DESCRIPTION OF THE TASK => Copy every line of the data that contains the string "shows".

(Stored records)
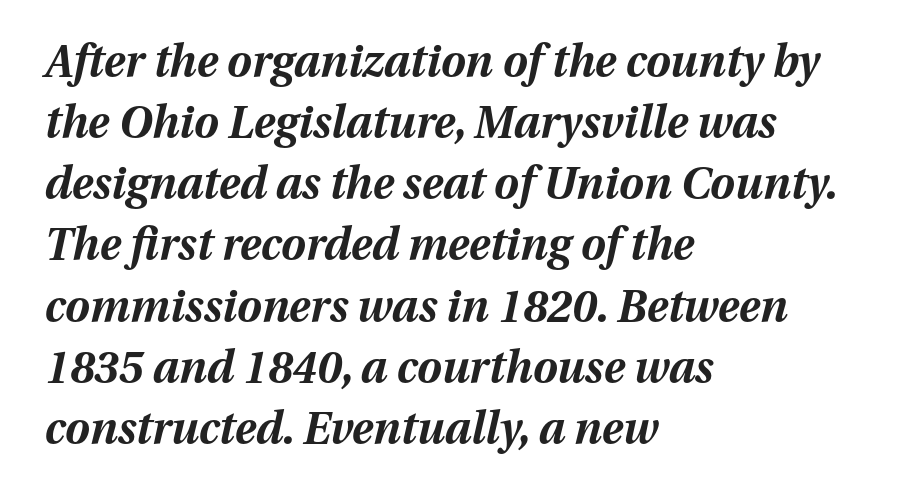
The rendering anchors every line to the left-hand side. The vertical gap from one line to the next is medium. The letters advance in unequal steps, a hallmark of proportional type. Honestly, there is no underline to notice here at all.
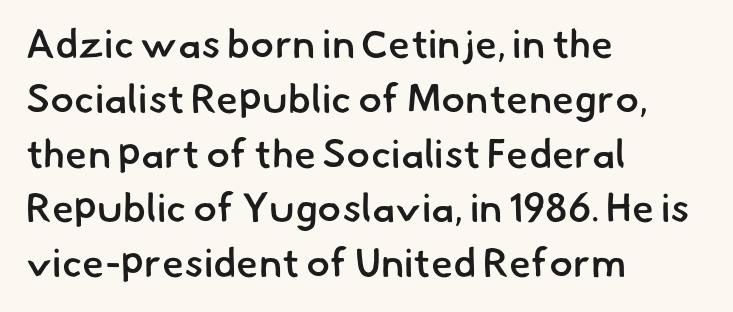
{"serif": "no", "bold": "semi", "weight": "semibold", "width": "normal", "stroke_contrast": "low", "x_height": "small", "monospaced": "no", "underline": "no", "align": "left", "line_spacing": "normal", "line_spacing_ratio": 1.37, "letter_spacing": "normal", "letter_spacing_em": 0.0, "glyph_px": 40}
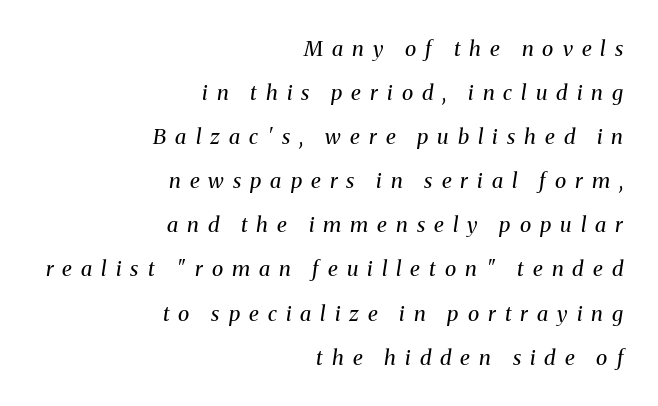
The image shows 21 px text type, italic (leaning right); set right-aligned, loose line spacing (2.1x), unusually wide letter spacing (+0.43 em), not underlined.
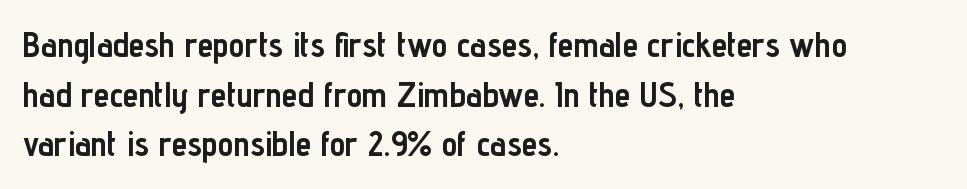
Q: Is the text bold? A: Yes.
Q: Is the text italic (slanted)? A: No, it is upright.
Q: Is the typeface a serif or a sans-serif typeface? A: Sans-serif.
Q: Is the text underlined? A: No.
Q: How is the paragraph aligned? A: Left-aligned.
Q: Is the spacing between letters normal or unusually wide? A: Normal.
Q: Is the spacing between lines tight, normal or loose? A: Normal.
Q: Width (condensed, normal, or wide)? A: Condensed.
Q: Stroke contrast? A: Low.
Q: x-height? A: Medium.
Q: Monospaced? A: No.
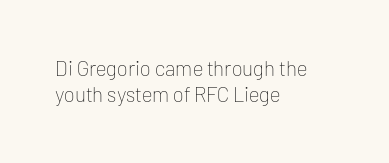
The typography opts for an upright posture over an oblique one. Unmarked baselines from the first word to the last. Students, note that the glyphs here touch the page at normal intervals. Which margin do the lines hug? The left one — the right edge is uneven. The typesetting does not lean heavy: it is not bold.
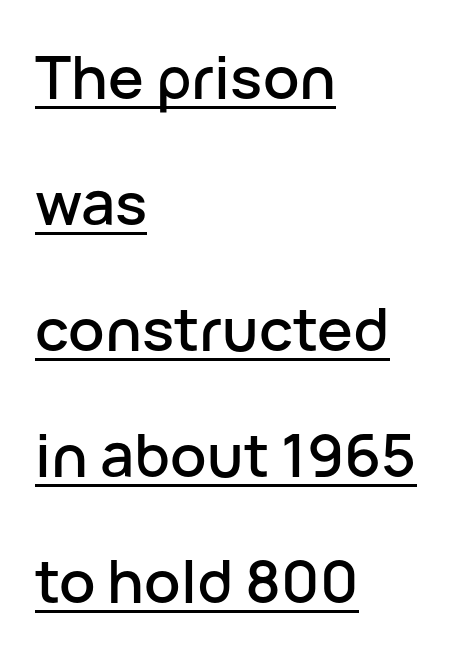
Q: Is the text italic (slanted)? A: No, it is upright.
Q: Is the typeface a serif or a sans-serif typeface? A: Sans-serif.
Q: Is the text underlined? A: Yes.
Q: How is the paragraph aligned? A: Left-aligned.
Q: Is the spacing between letters normal or unusually wide? A: Normal.
Q: Is the spacing between lines tight, normal or loose? A: Loose.
Q: Width (condensed, normal, or wide)? A: Normal.
Q: Stroke contrast? A: Low.
Q: x-height? A: Medium.
Q: Monospaced? A: No.
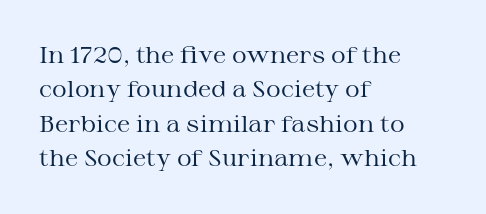
{"italic": "no", "bold": "no", "underline": "no", "align": "left", "line_spacing": "normal", "line_spacing_ratio": 1.5, "letter_spacing": "normal", "letter_spacing_em": 0.0, "glyph_px": 23}
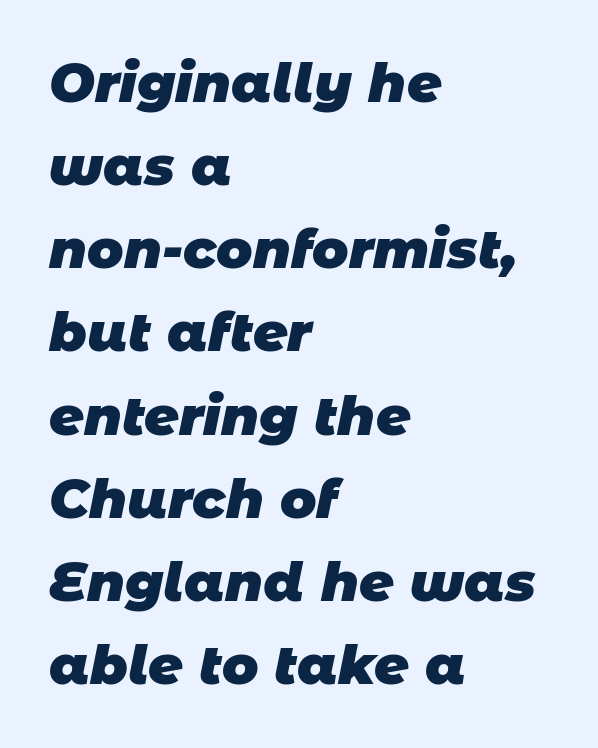
{"serif": "no", "bold": "yes", "weight": "heavy", "width": "normal", "stroke_contrast": "low", "x_height": "large", "monospaced": "no", "underline": "no", "align": "left", "line_spacing": "normal", "line_spacing_ratio": 1.54, "letter_spacing": "normal", "letter_spacing_em": 0.0, "glyph_px": 54}
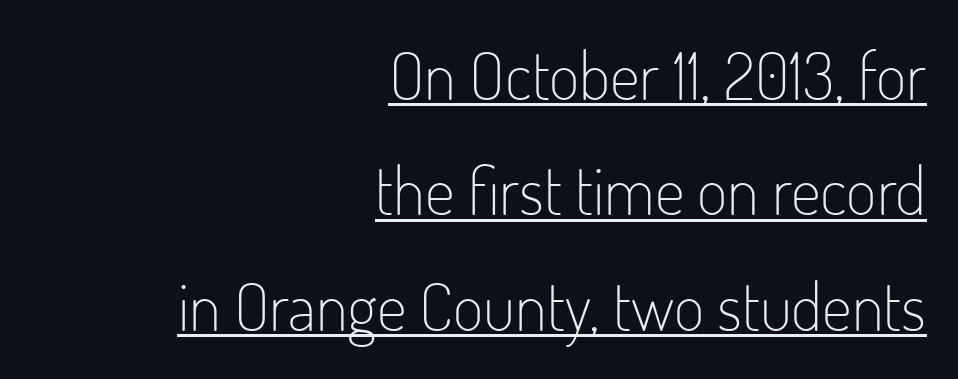
Q: Is the text bold? A: No.
Q: Is the text italic (slanted)? A: No, it is upright.
Q: Is the typeface a serif or a sans-serif typeface? A: Sans-serif.
Q: Is the text underlined? A: Yes.
Q: How is the paragraph aligned? A: Right-aligned.
Q: Is the spacing between letters normal or unusually wide? A: Normal.
Q: Width (condensed, normal, or wide)? A: Condensed.
Q: Stroke contrast? A: Low.
Q: x-height? A: Small.
Q: Monospaced? A: No.
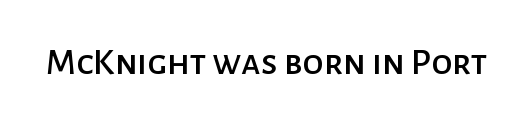
The image shows 38 px sans-serif type, upright; set normal letter spacing, not underlined; low stroke contrast and a medium x-height.
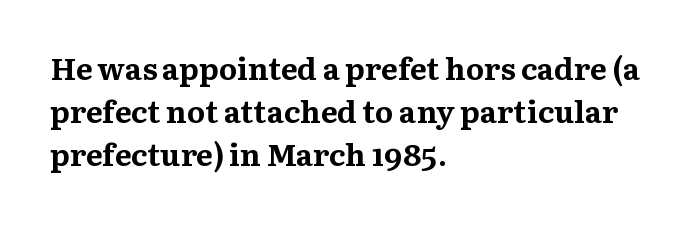
Q: Is the text bold? A: Yes.
Q: Is the text italic (slanted)? A: No, it is upright.
Q: Is the typeface a serif or a sans-serif typeface? A: Serif.
Q: Is the text underlined? A: No.
Q: How is the paragraph aligned? A: Left-aligned.
Q: Is the spacing between letters normal or unusually wide? A: Normal.
Q: Is the spacing between lines tight, normal or loose? A: Normal.
Q: Width (condensed, normal, or wide)? A: Normal.
Q: Stroke contrast? A: Medium.
Q: x-height? A: Medium.
Q: Monospaced? A: No.
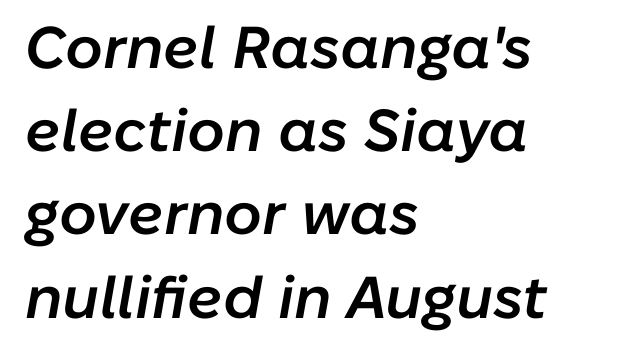
Q: Is the text bold? A: Semi-bold.
Q: Is the text italic (slanted)? A: Yes, it leans right by about 10 degrees.
Q: Is the text underlined? A: No.
Q: How is the paragraph aligned? A: Left-aligned.
Q: Is the spacing between letters normal or unusually wide? A: Normal.
Q: Is the spacing between lines tight, normal or loose? A: Normal.
Q: Width (condensed, normal, or wide)? A: Normal.
Q: Stroke contrast? A: Low.
Q: x-height? A: Medium.
Q: Monospaced? A: No.
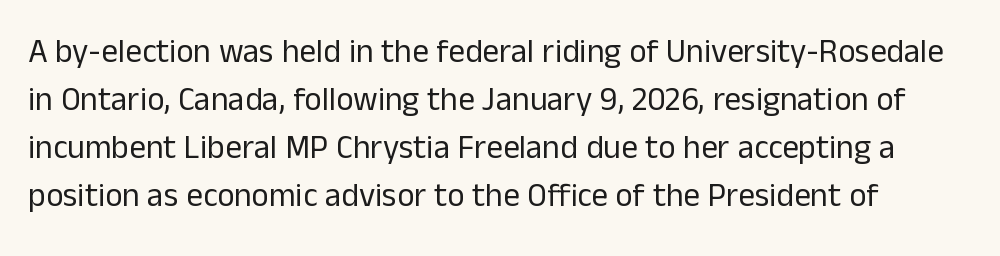
The image shows 33 px regular-weight sans-serif type, upright; set normal line spacing (1.45x), normal letter spacing, not underlined; low stroke contrast and a medium x-height.
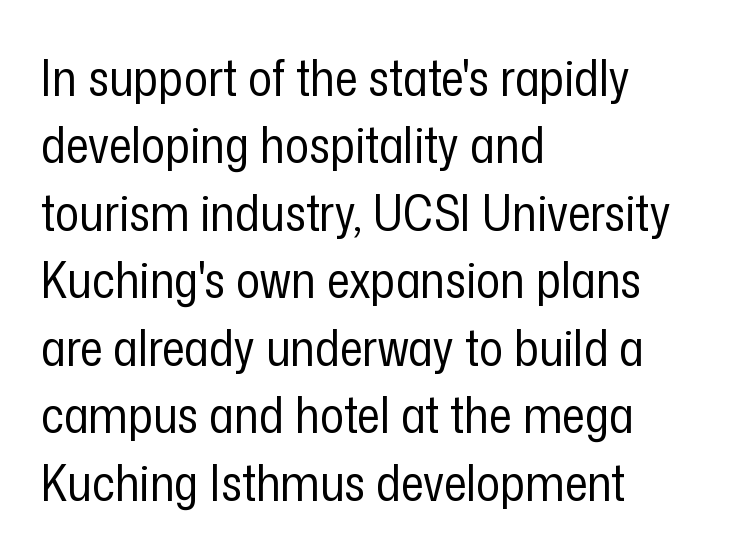
Q: Is the text bold? A: No.
Q: Is the text italic (slanted)? A: No, it is upright.
Q: Is the typeface a serif or a sans-serif typeface? A: Sans-serif.
Q: Is the text underlined? A: No.
Q: How is the paragraph aligned? A: Left-aligned.
Q: Is the spacing between letters normal or unusually wide? A: Normal.
Q: Is the spacing between lines tight, normal or loose? A: Normal.
Q: Width (condensed, normal, or wide)? A: Condensed.
Q: Stroke contrast? A: Low.
Q: x-height? A: Medium.
Q: Monospaced? A: No.
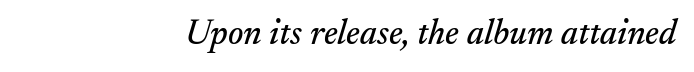
{"serif": "yes", "italic": "yes", "lean": "right", "slant_degrees": 17, "width": "normal", "stroke_contrast": "medium", "x_height": "small", "monospaced": "no", "underline": "no", "align": "right", "letter_spacing": "normal", "letter_spacing_em": 0.0, "glyph_px": 35}
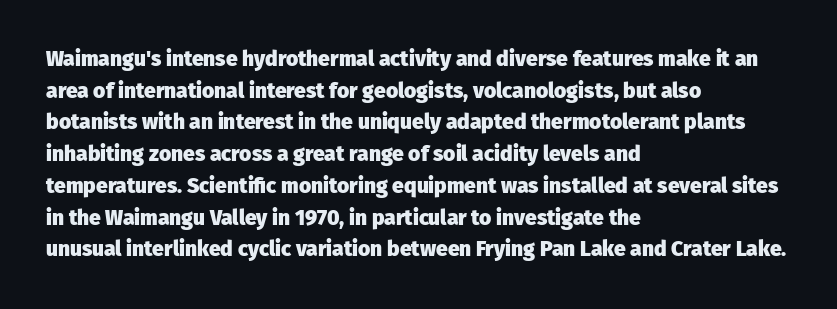
{"italic": "no", "bold": "yes", "underline": "no", "align": "left", "line_spacing": "normal", "line_spacing_ratio": 1.51, "letter_spacing": "normal", "letter_spacing_em": 0.0, "glyph_px": 21}
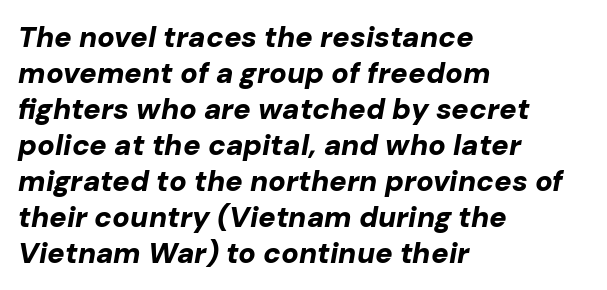
No extra tracking has been applied to these lines. No word sits above an underline. The letters advance in unequal steps, a hallmark of proportional type. The text block is weighted toward the left margin, trailing off unevenly rightward. The glyphs look as if they've been sheared to an angle. The strokes are fattened all the way to bold.
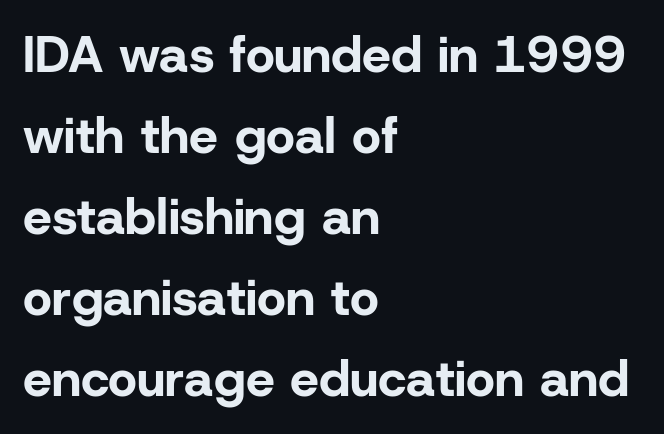
Q: Is the text bold? A: Yes.
Q: Is the text italic (slanted)? A: No, it is upright.
Q: Is the typeface a serif or a sans-serif typeface? A: Sans-serif.
Q: Is the text underlined? A: No.
Q: How is the paragraph aligned? A: Left-aligned.
Q: Is the spacing between letters normal or unusually wide? A: Normal.
Q: Is the spacing between lines tight, normal or loose? A: Normal.
Q: Width (condensed, normal, or wide)? A: Normal.
Q: Stroke contrast? A: Low.
Q: x-height? A: Medium.
Q: Monospaced? A: No.
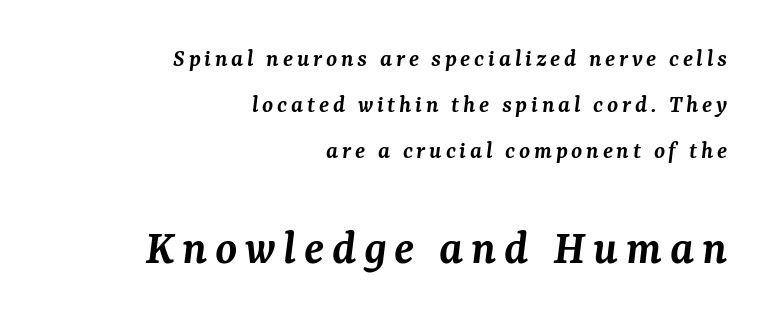
{"serif": "yes", "italic": "yes", "lean": "right", "slant_degrees": 7, "bold": "semi", "weight": "semibold", "width": "normal", "stroke_contrast": "medium", "x_height": "medium", "monospaced": "no", "underline": "no", "align": "right", "line_spacing_ratio": 1.85, "larger_block": "second", "size_ratio": 2.0, "glyph_px": 50}
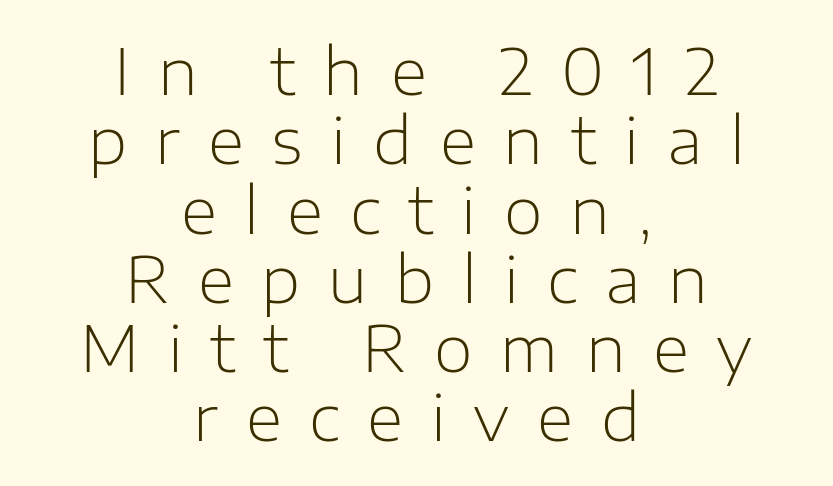
The image shows 63 px light sans-serif type, upright; set centered, tight line spacing (1.1x), unusually wide letter spacing (+0.44 em), not underlined; low stroke contrast and a medium x-height.
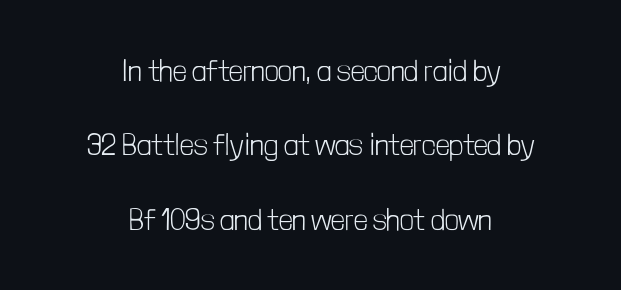
{"serif": "no", "italic": "no", "bold": "no", "weight": "light", "width": "condensed", "stroke_contrast": "low", "x_height": "medium", "monospaced": "no", "underline": "no", "align": "center", "line_spacing": "loose", "line_spacing_ratio": 2.48, "letter_spacing": "normal", "letter_spacing_em": 0.0, "glyph_px": 30}
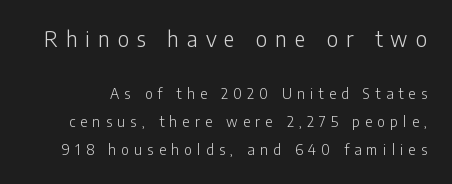
Decoration check: the copy has no underline. Tall strokes in this sample are plumb rather than angled. Top chunk: large. Bottom chunk: small. Summary of vertical rhythm: relaxed, with wide interline spacing. Compared with typical body copy, the letter spacing here is much looser.
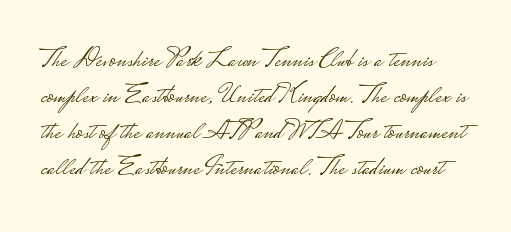
{"serif": "no", "bold": "no", "weight": "light", "width": "wide", "stroke_contrast": "low", "monospaced": "no", "underline": "no", "line_spacing": "normal", "line_spacing_ratio": 1.28, "letter_spacing": "normal", "letter_spacing_em": 0.0, "glyph_px": 28}
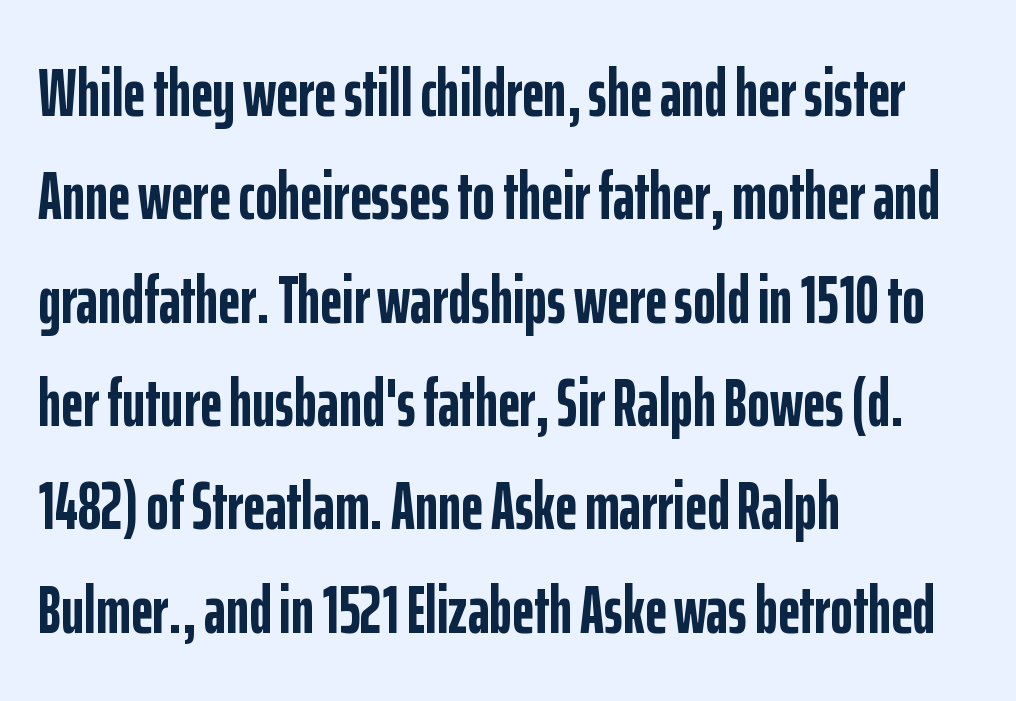
The image shows 68 px semibold, condensed sans-serif type, upright; set left-aligned, normal line spacing (1.52x), normal letter spacing, not underlined; low stroke contrast and a medium x-height.
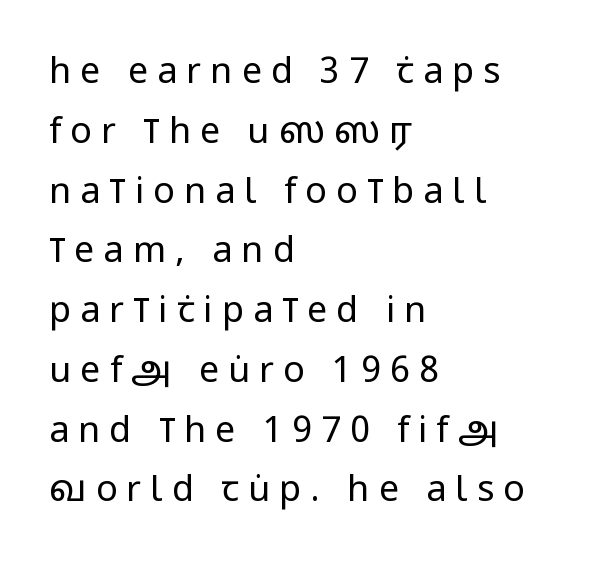
Varying glyph widths throughout — classic text-font behaviour. Any mark beneath the type? The region is blank. This is not heavy type; no bold has been used. Unlike italic type, these characters show no tilt at all. A typesetter would call this leading conventional body-copy spacing.
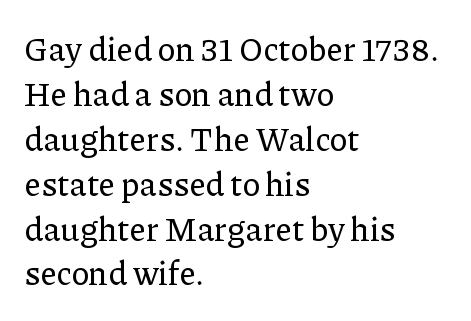
The image shows 33 px serif type, upright; set left-aligned, normal line spacing (1.36x), normal letter spacing, not underlined; low stroke contrast and a medium x-height.
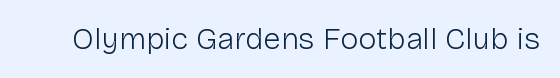
The passage shown is typeset with a sans-serif family. A roman cut, with each character standing at attention. The strip under each line holds only bare page. Caption: face not bold, strokes unweighted.
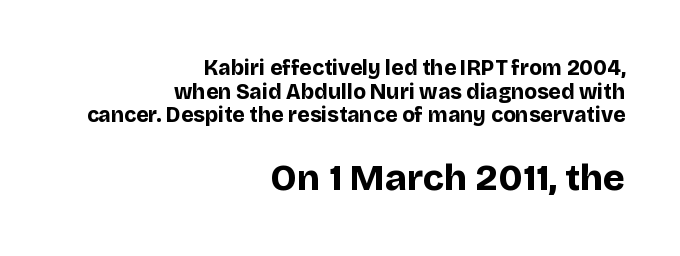
Typographic density is high because the face is bold. If you squint, the bottom block still reads clearly — it's the larger of the two. Reading down the column, the eye jumps only a short way to each next line. Line endings align vertically; line beginnings do not. Type without underlining. This sample has the flowing, uneven cadence of proportional lettering.

YOUR RESPONSE =>
The image shows 21 px text type, italic (leaning right); set right-aligned, loose line spacing (2.1x), unusually wide letter spacing (+0.43 em), not underlined.
The image shows 38 px sans-serif type, upright; set normal letter spacing, not underlined; low stroke contrast and a medium x-height.
The image shows 33 px regular-weight sans-serif type, upright; set normal line spacing (1.45x), normal letter spacing, not underlined; low stroke contrast and a medium x-height.
The image shows 63 px light sans-serif type, upright; set centered, tight line spacing (1.1x), unusually wide letter spacing (+0.44 em), not underlined; low stroke contrast and a medium x-height.
The image shows 68 px semibold, condensed sans-serif type, upright; set left-aligned, normal line spacing (1.52x), normal letter spacing, not underlined; low stroke contrast and a medium x-height.
The image shows 33 px serif type, upright; set left-aligned, normal line spacing (1.36x), normal letter spacing, not underlined; low stroke contrast and a medium x-height.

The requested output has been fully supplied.